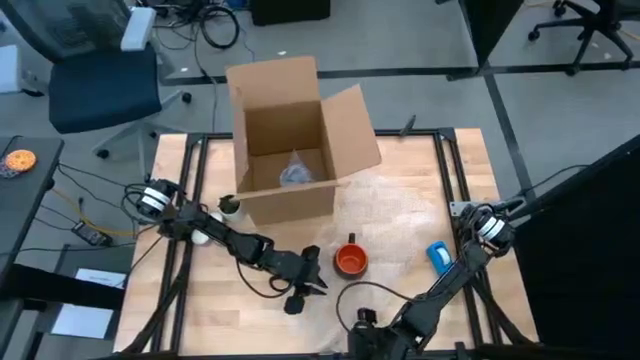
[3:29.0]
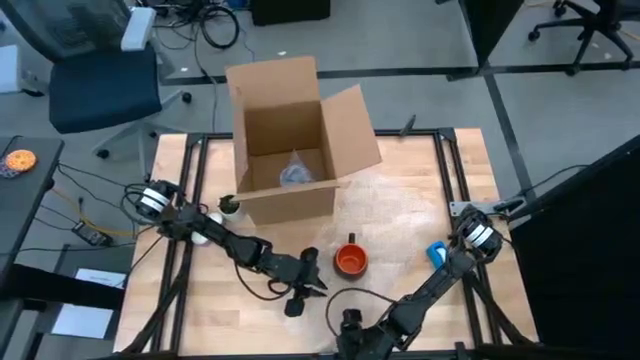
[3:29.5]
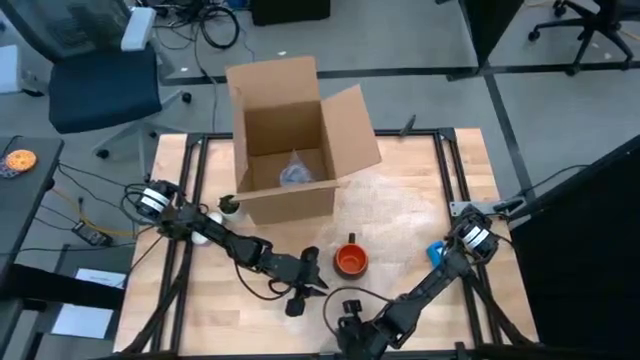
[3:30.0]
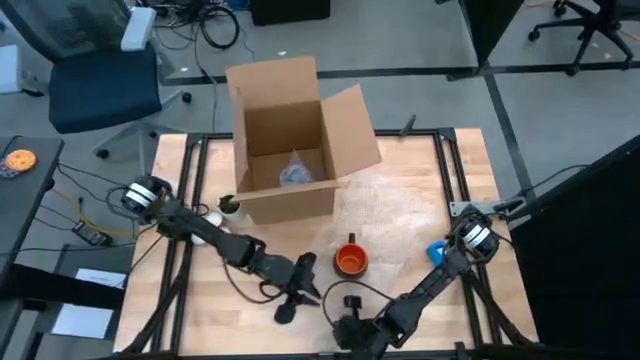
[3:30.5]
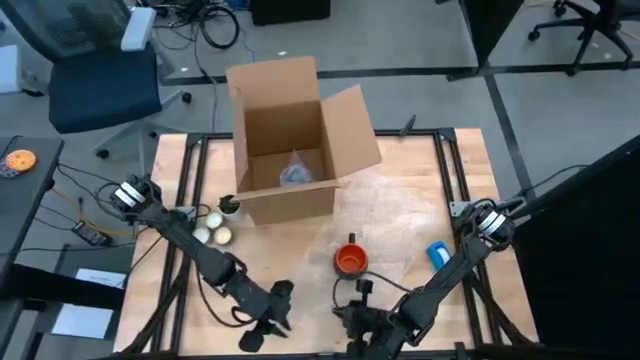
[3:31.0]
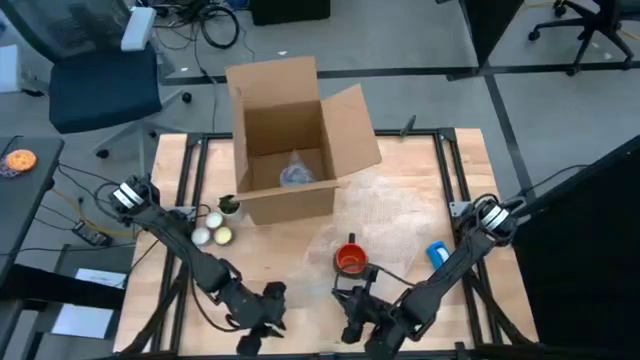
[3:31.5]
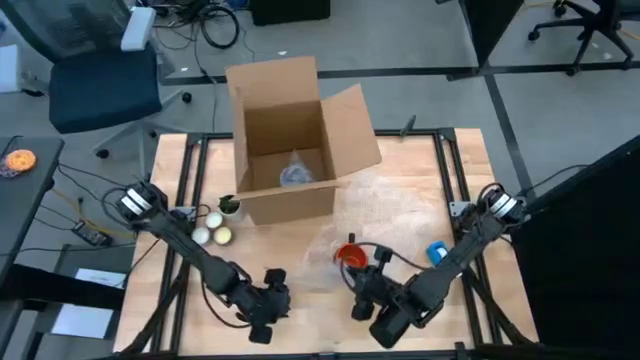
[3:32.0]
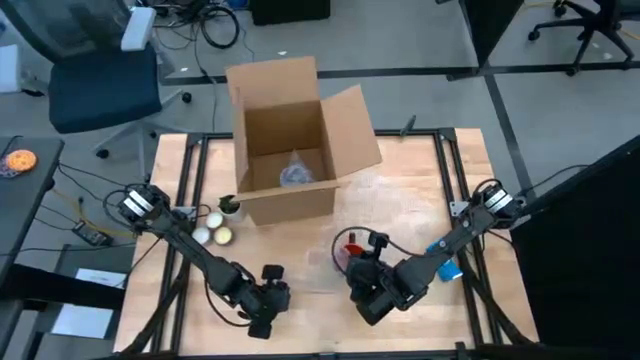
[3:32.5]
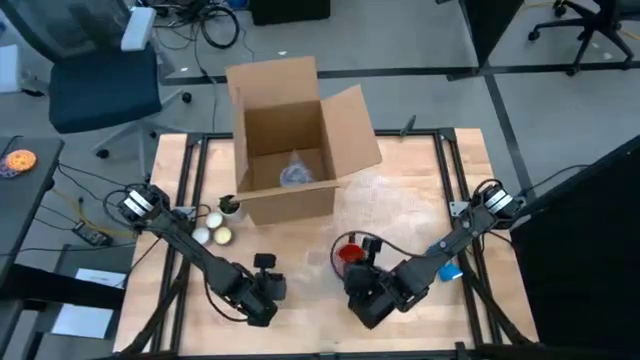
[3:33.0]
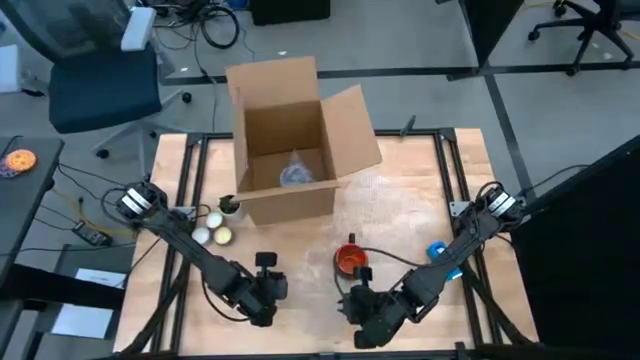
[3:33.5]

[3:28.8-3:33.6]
Wrap the black mug with bubble wrap

---

A verbatim copy of every record is to be produced, and pictures are to be excluded from it.

Exercise result –
[3:29.0]
[3:29.5]
[3:30.0]
[3:30.5]
[3:31.0]
[3:31.5]
[3:32.0]
[3:32.5]
[3:33.0]
[3:33.5]

[3:28.8-3:33.6]
Wrap the black mug with bubble wrap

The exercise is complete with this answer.